• [TASK REQUIREMENTS]:
From the listing below, output only the lines starting at the line that has "Q 382.148 169.754, 385.788 167.874" and ending at the line that has "d='M 390.988 142.234", exactly as they appear, ends included.

··········

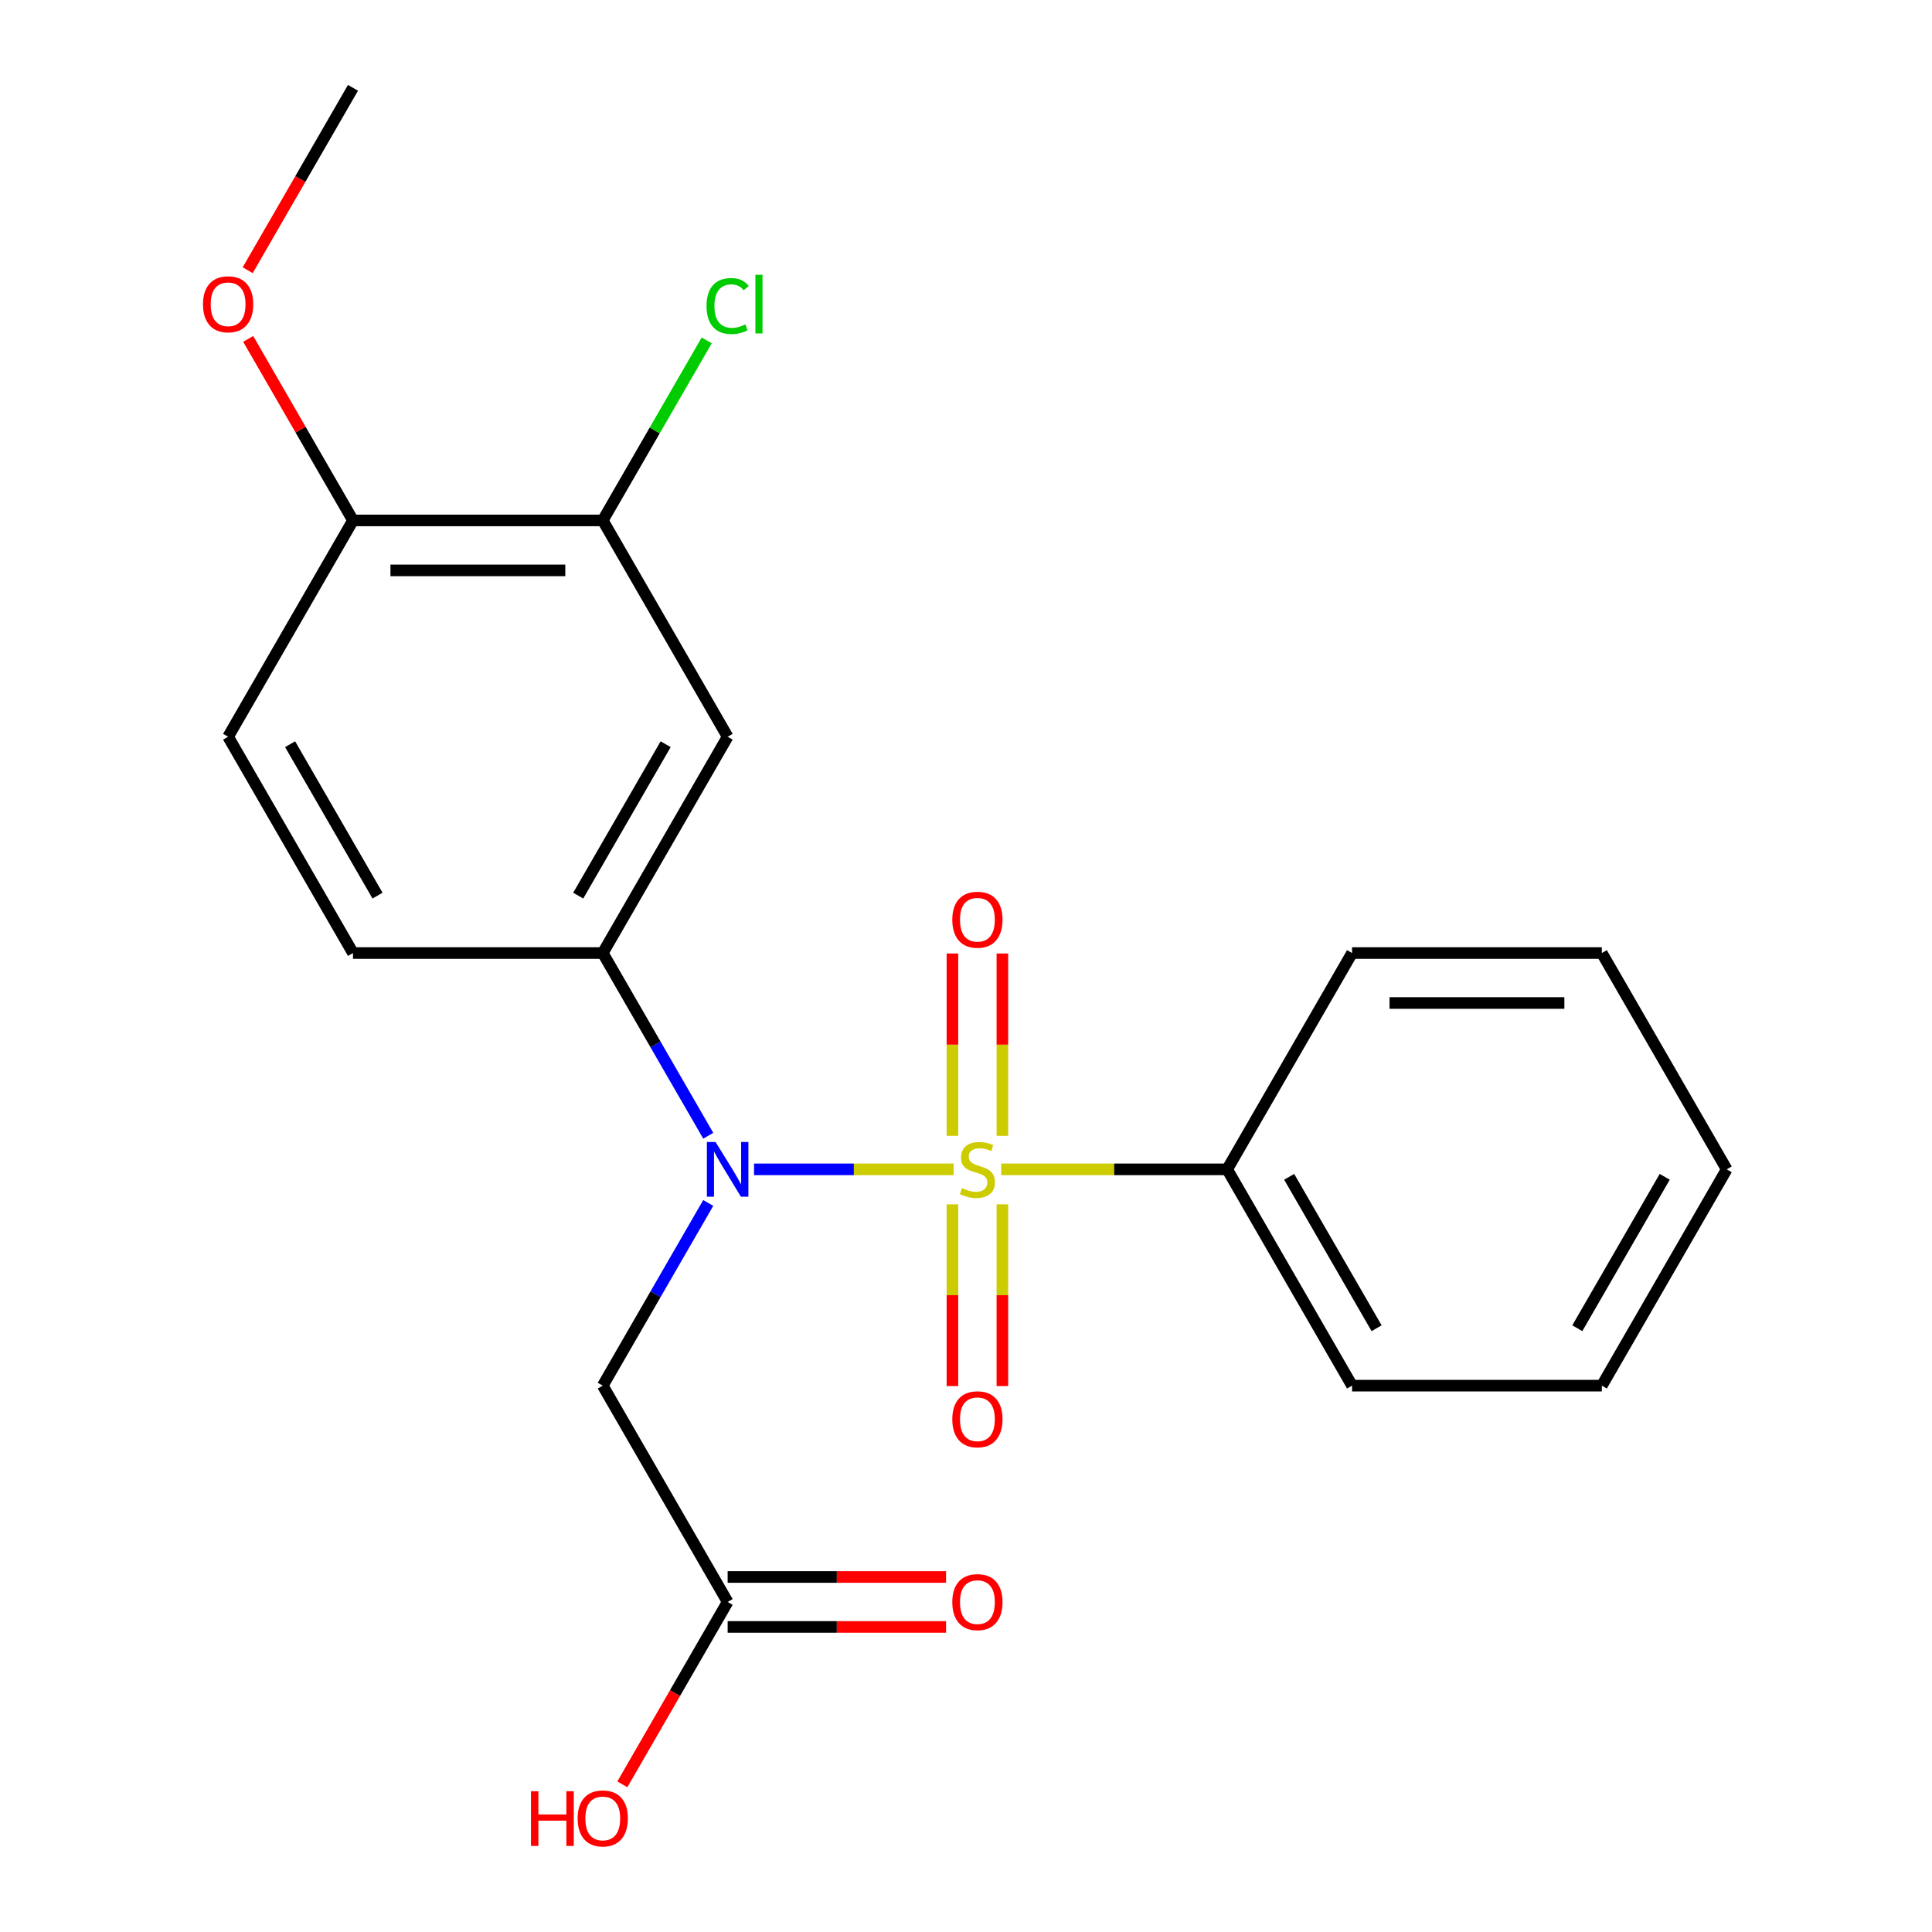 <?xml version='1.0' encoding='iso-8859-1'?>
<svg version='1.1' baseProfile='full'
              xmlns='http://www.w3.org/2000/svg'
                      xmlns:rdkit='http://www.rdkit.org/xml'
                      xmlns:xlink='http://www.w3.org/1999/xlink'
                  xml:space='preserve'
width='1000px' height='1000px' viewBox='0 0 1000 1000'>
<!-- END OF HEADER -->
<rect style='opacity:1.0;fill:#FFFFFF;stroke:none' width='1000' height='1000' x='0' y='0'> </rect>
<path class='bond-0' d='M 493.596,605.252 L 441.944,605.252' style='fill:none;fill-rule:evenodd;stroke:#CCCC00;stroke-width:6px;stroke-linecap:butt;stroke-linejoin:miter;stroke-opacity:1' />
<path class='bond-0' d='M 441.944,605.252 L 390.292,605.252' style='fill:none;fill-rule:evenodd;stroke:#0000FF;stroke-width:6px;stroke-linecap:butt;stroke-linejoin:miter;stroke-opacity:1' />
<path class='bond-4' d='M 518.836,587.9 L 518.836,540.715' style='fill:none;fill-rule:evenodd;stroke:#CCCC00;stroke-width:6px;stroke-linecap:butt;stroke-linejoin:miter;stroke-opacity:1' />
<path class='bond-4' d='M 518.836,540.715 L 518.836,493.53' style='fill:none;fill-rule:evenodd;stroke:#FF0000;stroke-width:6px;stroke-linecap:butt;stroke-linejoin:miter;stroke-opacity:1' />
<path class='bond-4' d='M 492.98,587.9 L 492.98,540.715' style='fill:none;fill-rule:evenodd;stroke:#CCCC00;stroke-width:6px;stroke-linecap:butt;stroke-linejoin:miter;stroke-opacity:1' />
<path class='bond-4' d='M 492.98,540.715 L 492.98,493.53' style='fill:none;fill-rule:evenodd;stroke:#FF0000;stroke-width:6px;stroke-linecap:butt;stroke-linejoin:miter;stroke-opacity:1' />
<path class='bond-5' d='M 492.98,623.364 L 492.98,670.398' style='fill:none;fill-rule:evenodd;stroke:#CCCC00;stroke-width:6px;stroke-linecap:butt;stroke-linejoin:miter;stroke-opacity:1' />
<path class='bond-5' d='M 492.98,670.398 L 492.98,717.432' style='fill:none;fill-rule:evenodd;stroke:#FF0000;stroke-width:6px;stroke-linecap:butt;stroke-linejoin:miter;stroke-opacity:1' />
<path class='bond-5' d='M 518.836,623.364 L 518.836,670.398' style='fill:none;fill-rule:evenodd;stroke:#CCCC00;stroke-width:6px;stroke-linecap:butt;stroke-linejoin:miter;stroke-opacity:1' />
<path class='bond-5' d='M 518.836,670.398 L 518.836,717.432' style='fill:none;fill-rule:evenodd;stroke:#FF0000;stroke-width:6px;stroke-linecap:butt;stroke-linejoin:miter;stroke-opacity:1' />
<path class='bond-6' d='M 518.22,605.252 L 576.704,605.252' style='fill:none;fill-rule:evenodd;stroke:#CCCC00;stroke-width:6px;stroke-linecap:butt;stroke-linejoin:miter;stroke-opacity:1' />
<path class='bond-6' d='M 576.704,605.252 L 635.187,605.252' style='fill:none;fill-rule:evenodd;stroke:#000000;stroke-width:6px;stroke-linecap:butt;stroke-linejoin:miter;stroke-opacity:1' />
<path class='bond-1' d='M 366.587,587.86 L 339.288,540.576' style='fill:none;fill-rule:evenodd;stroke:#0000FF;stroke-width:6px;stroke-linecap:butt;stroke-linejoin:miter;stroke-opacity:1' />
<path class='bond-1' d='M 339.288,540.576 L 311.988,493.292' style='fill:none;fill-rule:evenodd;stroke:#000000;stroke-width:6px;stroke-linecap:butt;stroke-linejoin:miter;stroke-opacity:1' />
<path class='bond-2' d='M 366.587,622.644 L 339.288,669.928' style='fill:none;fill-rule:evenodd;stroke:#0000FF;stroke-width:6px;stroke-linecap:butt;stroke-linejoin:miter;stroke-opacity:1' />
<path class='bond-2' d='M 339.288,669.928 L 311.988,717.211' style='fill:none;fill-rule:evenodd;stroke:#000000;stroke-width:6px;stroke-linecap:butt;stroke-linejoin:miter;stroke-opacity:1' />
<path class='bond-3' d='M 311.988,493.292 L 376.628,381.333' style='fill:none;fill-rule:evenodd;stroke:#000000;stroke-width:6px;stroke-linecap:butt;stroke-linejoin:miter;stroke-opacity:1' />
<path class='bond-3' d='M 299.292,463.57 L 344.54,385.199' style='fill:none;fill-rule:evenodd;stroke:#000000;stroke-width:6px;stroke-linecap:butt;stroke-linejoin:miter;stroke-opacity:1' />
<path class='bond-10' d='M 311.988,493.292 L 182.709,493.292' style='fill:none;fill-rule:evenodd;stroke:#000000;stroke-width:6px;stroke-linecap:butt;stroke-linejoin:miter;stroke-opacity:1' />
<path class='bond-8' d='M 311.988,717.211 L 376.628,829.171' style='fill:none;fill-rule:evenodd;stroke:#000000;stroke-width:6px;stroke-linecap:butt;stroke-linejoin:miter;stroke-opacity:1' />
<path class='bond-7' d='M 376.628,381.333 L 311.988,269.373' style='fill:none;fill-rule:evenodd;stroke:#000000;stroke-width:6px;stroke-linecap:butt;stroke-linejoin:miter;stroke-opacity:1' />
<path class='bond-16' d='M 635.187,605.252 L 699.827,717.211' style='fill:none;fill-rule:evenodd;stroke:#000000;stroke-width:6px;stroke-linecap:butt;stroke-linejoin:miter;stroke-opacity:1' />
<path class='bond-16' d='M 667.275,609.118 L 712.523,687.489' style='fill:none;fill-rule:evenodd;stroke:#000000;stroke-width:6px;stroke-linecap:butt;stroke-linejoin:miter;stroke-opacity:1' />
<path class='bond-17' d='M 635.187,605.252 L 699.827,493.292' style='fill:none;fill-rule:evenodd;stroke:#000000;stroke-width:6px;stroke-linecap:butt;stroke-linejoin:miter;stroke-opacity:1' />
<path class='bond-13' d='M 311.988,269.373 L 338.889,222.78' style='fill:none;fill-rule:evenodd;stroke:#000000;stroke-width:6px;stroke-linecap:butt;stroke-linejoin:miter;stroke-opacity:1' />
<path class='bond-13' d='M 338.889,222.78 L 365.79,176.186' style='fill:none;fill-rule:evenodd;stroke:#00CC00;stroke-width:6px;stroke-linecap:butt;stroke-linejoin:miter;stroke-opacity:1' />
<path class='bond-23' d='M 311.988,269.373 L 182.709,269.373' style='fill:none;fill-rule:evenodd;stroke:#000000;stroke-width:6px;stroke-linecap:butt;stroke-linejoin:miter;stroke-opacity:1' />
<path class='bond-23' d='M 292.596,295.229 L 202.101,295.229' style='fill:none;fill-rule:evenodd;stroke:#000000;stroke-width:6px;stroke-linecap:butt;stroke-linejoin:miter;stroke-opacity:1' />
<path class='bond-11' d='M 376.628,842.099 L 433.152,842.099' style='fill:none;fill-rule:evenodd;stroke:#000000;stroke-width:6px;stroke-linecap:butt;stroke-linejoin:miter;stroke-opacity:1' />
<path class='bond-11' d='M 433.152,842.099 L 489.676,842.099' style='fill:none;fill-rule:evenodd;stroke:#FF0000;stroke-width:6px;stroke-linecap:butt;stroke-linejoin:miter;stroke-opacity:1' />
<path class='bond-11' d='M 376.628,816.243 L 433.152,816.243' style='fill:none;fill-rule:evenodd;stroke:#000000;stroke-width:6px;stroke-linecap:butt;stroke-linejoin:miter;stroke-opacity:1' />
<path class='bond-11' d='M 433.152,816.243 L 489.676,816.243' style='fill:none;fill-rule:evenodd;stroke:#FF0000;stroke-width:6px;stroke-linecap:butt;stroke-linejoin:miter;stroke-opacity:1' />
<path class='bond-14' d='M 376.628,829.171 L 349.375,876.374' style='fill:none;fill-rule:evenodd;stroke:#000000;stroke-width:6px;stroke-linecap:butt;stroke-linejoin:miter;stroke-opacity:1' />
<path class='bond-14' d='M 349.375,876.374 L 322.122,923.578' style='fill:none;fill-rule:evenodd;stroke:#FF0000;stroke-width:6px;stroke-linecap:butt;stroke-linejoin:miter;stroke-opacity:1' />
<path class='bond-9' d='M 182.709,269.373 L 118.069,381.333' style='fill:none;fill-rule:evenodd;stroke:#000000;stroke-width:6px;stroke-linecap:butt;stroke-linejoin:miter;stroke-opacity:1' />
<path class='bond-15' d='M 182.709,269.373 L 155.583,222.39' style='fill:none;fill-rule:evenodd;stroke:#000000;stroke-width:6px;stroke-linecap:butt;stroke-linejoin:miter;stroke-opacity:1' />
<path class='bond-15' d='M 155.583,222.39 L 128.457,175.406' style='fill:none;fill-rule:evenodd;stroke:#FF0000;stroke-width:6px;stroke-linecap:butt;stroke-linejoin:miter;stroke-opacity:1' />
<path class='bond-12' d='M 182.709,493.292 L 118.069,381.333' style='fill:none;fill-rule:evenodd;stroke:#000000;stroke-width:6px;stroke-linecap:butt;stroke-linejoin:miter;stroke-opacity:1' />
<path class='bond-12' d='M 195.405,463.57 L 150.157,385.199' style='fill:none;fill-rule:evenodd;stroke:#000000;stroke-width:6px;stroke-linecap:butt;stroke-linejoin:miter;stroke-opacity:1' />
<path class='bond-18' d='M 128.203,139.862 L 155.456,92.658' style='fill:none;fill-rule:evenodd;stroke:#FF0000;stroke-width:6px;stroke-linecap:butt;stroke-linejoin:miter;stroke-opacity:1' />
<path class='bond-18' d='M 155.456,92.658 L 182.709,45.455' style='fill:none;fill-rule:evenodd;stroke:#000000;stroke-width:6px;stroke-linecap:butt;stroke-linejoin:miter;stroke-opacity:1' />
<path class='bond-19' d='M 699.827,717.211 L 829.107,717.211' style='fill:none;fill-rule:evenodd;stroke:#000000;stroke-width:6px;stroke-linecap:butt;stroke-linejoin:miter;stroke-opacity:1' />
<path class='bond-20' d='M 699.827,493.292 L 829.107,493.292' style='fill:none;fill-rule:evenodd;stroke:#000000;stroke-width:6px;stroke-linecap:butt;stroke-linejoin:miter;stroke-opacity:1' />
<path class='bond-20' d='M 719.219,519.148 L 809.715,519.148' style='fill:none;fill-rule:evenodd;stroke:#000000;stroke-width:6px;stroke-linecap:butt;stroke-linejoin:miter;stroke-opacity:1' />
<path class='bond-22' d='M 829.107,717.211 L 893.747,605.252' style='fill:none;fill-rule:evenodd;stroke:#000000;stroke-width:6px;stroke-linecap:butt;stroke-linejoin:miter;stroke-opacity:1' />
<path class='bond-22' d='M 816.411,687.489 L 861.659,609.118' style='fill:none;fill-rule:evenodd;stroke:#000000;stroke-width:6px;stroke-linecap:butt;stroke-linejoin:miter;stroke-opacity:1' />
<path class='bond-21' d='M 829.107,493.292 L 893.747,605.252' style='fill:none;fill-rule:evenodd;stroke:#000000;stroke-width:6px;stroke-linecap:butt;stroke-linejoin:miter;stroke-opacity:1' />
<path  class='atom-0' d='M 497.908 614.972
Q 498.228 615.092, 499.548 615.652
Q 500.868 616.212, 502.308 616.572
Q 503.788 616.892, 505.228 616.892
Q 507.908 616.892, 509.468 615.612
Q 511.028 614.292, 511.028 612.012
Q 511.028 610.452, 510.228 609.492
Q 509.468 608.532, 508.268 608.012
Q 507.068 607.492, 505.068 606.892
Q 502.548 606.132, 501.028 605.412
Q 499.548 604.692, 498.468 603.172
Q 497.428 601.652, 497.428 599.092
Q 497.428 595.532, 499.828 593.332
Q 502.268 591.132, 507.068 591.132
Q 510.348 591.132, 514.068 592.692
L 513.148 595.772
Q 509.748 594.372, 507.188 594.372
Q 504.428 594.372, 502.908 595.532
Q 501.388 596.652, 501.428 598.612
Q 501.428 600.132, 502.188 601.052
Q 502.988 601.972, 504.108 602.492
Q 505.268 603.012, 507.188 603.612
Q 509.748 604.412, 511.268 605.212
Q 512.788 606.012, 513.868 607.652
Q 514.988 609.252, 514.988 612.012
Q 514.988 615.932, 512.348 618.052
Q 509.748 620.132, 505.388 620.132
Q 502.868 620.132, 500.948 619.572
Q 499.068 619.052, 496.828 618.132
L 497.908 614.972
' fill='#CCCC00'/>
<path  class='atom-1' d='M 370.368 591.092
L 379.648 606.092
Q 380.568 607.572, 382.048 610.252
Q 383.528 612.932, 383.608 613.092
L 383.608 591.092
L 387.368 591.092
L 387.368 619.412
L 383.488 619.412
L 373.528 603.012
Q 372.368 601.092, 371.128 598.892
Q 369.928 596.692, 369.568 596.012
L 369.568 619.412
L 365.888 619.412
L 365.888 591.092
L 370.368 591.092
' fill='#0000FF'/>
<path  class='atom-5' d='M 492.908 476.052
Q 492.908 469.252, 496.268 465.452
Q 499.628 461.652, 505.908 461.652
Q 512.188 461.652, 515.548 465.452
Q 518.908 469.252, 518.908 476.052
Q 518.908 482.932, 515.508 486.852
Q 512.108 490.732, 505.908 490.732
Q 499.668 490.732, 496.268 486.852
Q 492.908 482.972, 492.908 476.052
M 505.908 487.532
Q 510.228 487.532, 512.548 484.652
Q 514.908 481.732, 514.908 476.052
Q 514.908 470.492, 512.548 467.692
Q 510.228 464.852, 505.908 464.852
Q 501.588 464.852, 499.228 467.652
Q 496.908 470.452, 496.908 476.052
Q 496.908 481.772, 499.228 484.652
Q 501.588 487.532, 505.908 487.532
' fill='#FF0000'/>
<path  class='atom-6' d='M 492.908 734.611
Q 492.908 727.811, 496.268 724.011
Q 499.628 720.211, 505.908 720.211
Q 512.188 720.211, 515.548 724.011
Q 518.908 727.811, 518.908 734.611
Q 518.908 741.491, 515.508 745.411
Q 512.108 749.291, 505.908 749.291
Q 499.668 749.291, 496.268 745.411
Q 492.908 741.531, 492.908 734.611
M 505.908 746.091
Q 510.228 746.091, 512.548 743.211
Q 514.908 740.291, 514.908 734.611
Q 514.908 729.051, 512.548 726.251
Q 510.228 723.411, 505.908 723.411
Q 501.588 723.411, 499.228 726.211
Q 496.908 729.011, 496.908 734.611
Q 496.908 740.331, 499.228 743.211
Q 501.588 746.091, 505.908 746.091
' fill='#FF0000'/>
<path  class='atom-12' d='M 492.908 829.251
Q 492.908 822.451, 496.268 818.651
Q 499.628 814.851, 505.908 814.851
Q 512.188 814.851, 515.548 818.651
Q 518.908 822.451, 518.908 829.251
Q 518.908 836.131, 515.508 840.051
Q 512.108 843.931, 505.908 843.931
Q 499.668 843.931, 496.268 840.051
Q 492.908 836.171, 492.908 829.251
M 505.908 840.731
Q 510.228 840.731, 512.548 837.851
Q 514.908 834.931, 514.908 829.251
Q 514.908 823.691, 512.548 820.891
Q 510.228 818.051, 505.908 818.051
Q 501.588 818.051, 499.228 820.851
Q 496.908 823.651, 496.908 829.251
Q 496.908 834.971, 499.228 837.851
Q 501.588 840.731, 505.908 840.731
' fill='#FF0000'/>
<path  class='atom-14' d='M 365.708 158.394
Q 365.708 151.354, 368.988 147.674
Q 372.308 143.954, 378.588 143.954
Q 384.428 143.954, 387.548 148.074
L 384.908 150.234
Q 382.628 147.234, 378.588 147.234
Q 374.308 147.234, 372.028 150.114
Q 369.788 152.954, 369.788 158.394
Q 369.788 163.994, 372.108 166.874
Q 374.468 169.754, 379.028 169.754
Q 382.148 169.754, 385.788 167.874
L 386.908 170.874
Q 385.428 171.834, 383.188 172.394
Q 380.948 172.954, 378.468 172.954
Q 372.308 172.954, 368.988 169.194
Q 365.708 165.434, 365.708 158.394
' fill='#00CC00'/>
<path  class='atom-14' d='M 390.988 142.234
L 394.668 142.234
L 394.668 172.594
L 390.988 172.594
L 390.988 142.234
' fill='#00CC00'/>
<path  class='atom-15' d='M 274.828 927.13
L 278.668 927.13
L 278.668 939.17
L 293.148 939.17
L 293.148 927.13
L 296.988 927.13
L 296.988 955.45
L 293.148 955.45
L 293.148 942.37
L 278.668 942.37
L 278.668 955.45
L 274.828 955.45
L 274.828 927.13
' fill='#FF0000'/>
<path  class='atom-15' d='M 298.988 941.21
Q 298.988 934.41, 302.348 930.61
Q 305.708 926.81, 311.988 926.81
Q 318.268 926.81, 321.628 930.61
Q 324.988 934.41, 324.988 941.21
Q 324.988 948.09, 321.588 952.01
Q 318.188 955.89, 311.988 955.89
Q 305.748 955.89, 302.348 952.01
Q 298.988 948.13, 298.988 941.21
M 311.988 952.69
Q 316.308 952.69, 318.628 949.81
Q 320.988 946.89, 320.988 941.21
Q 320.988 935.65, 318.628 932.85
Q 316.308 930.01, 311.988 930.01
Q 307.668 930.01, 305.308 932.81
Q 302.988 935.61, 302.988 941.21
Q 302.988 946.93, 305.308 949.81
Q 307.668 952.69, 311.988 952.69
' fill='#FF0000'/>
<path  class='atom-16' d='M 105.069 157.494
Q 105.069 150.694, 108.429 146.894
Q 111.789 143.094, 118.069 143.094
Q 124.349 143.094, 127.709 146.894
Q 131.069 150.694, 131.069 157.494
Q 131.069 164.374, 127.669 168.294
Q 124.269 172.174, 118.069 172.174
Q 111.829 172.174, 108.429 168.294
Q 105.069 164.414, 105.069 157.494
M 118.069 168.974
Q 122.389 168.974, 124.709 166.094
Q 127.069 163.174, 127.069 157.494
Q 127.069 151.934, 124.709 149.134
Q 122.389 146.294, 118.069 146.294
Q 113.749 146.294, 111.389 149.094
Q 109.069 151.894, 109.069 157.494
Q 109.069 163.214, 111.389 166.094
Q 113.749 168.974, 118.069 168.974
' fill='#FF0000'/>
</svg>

··········

• [THE ANSWER]:
Q 382.148 169.754, 385.788 167.874
L 386.908 170.874
Q 385.428 171.834, 383.188 172.394
Q 380.948 172.954, 378.468 172.954
Q 372.308 172.954, 368.988 169.194
Q 365.708 165.434, 365.708 158.394
' fill='#00CC00'/>
<path  class='atom-14' d='M 390.988 142.234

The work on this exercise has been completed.